EXERCISE INSTRUCTIONS: The records that follow must be reproduced in full, with every picture excluded.

Data extracted from a collection
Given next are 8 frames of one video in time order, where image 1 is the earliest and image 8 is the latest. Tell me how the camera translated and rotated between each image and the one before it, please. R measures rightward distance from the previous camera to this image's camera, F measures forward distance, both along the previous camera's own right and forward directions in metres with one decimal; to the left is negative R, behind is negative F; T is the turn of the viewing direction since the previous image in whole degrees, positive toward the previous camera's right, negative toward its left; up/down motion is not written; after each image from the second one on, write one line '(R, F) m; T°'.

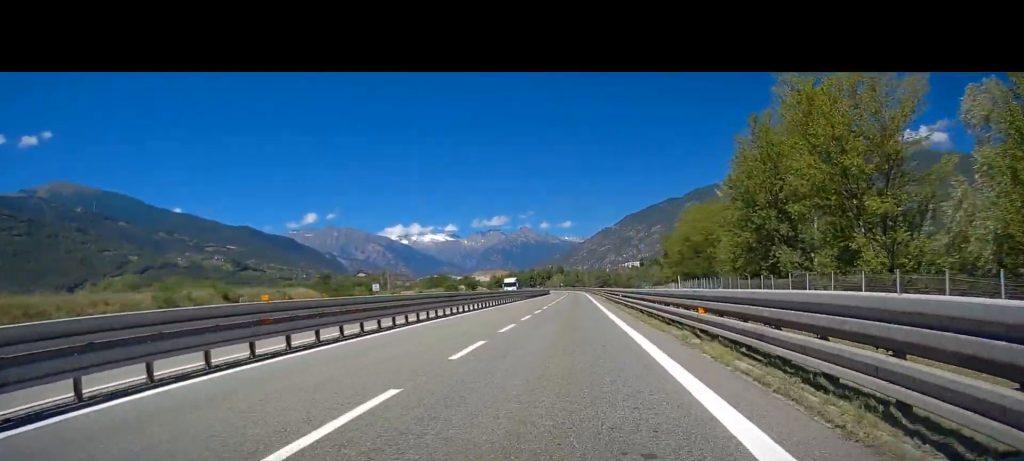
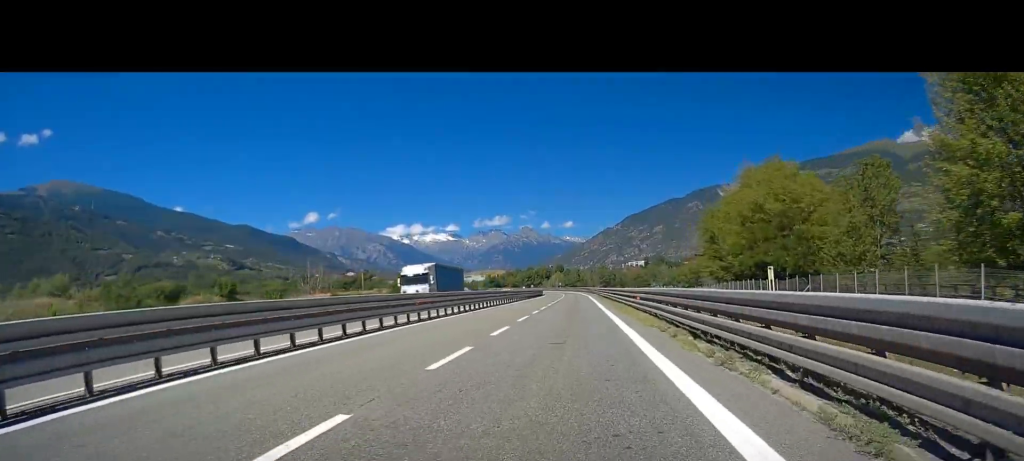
(-0.5, +35.4) m; 0°
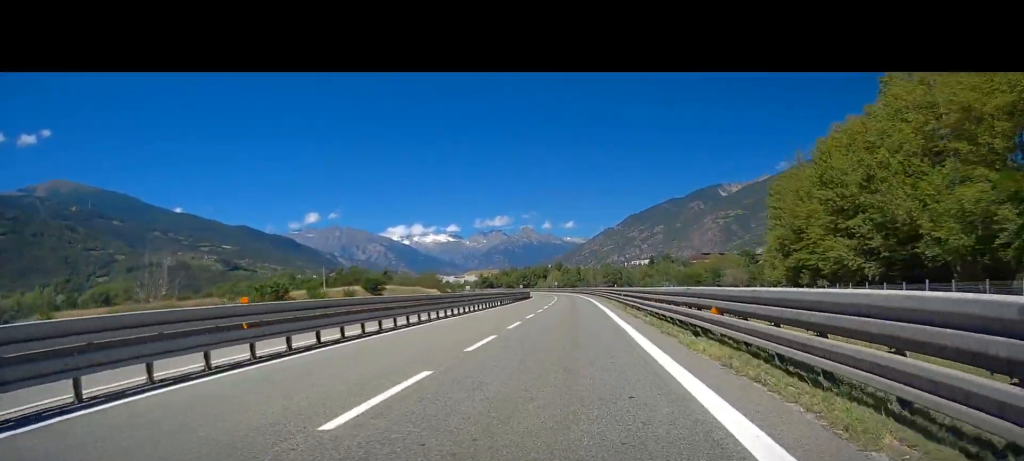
(+0.7, +42.8) m; +1°
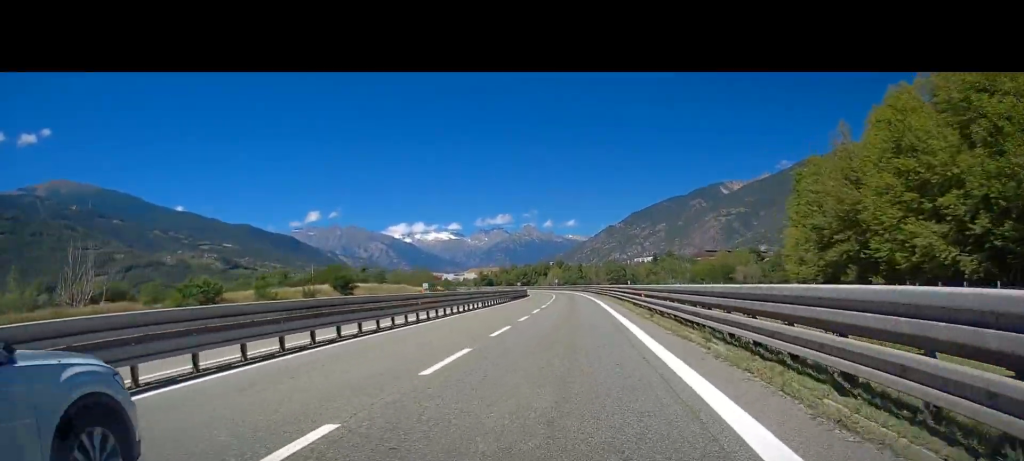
(0.0, +13.4) m; 0°
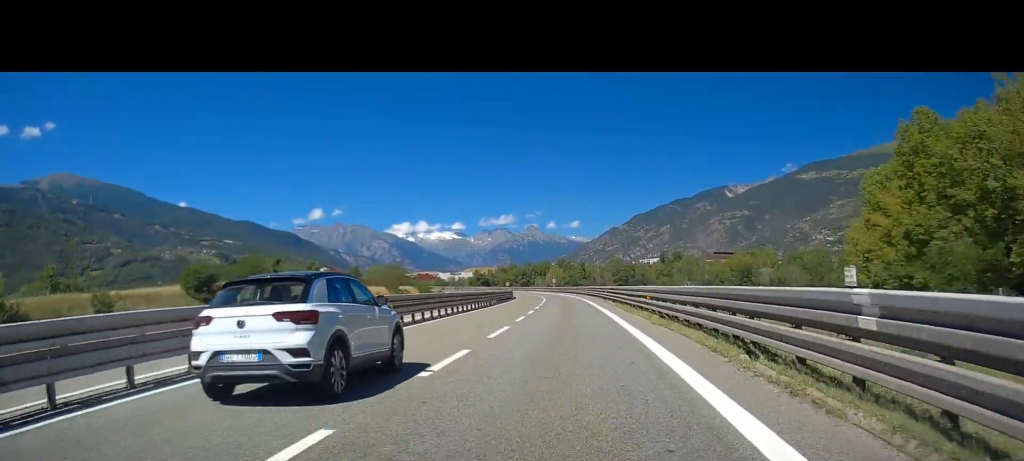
(-0.5, +33.0) m; -1°
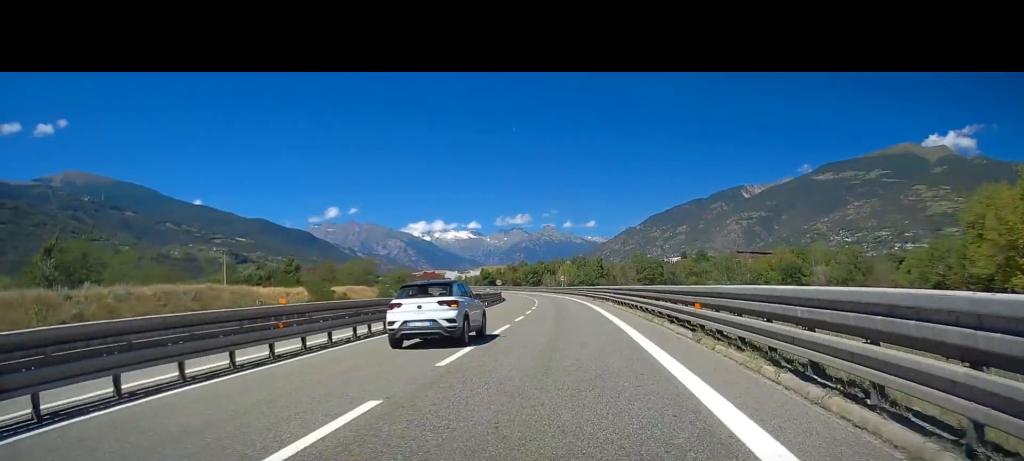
(-0.3, +34.2) m; -1°
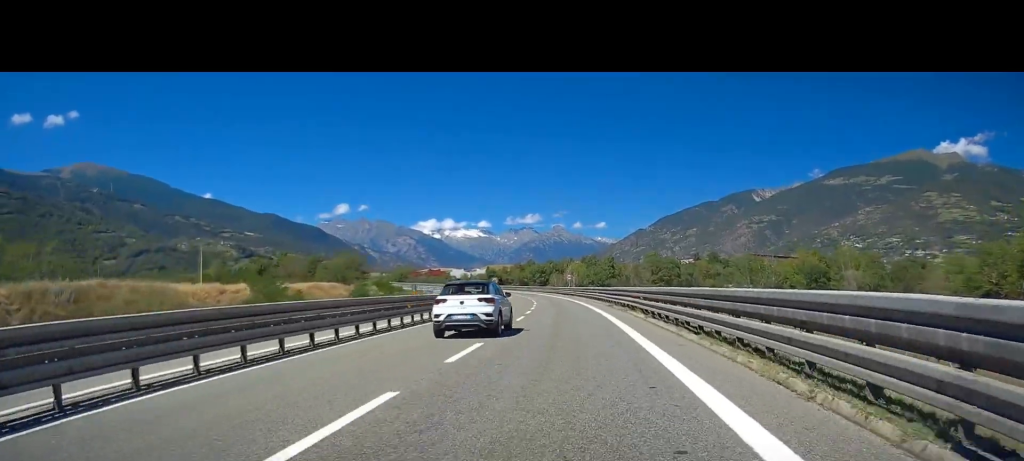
(0.0, +11.8) m; -1°
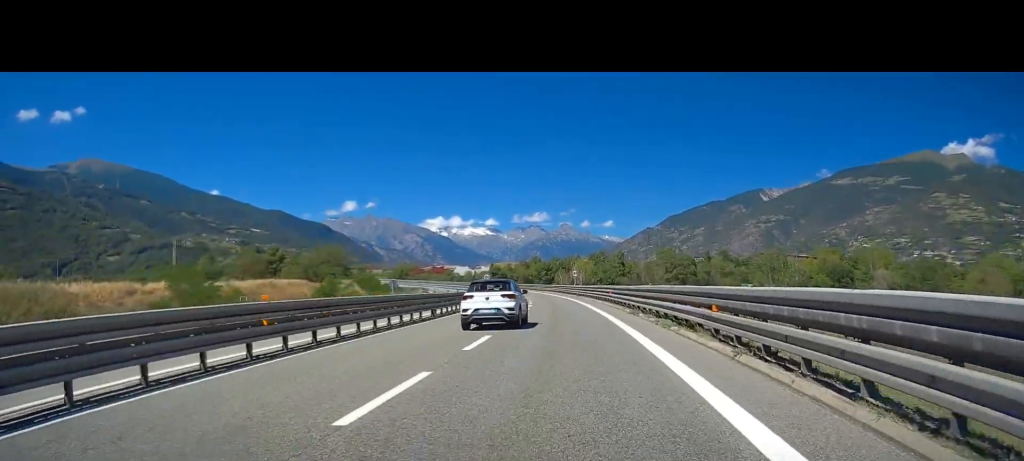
(0.0, +9.9) m; -1°

OUTPUT OF THE EXERCISE:
Given next are 8 frames of one video in time order, where image 1 is the earliest and image 8 is the latest. Tell me how the camera translated and rotated between each image and the one before it, please. R measures rightward distance from the previous camera to this image's camera, F measures forward distance, both along the previous camera's own right and forward directions in metres with one decimal; to the left is negative R, behind is negative F; T is the turn of the viewing direction since the previous image in whole degrees, positive toward the previous camera's right, negative toward its left; up/down motion is not written; after each image from the second one on, write one line '(R, F) m; T°'.

(-0.5, +35.4) m; 0°
(+0.7, +42.8) m; +1°
(0.0, +13.4) m; 0°
(-0.5, +33.0) m; -1°
(-0.3, +34.2) m; -1°
(0.0, +11.8) m; -1°
(0.0, +9.9) m; -1°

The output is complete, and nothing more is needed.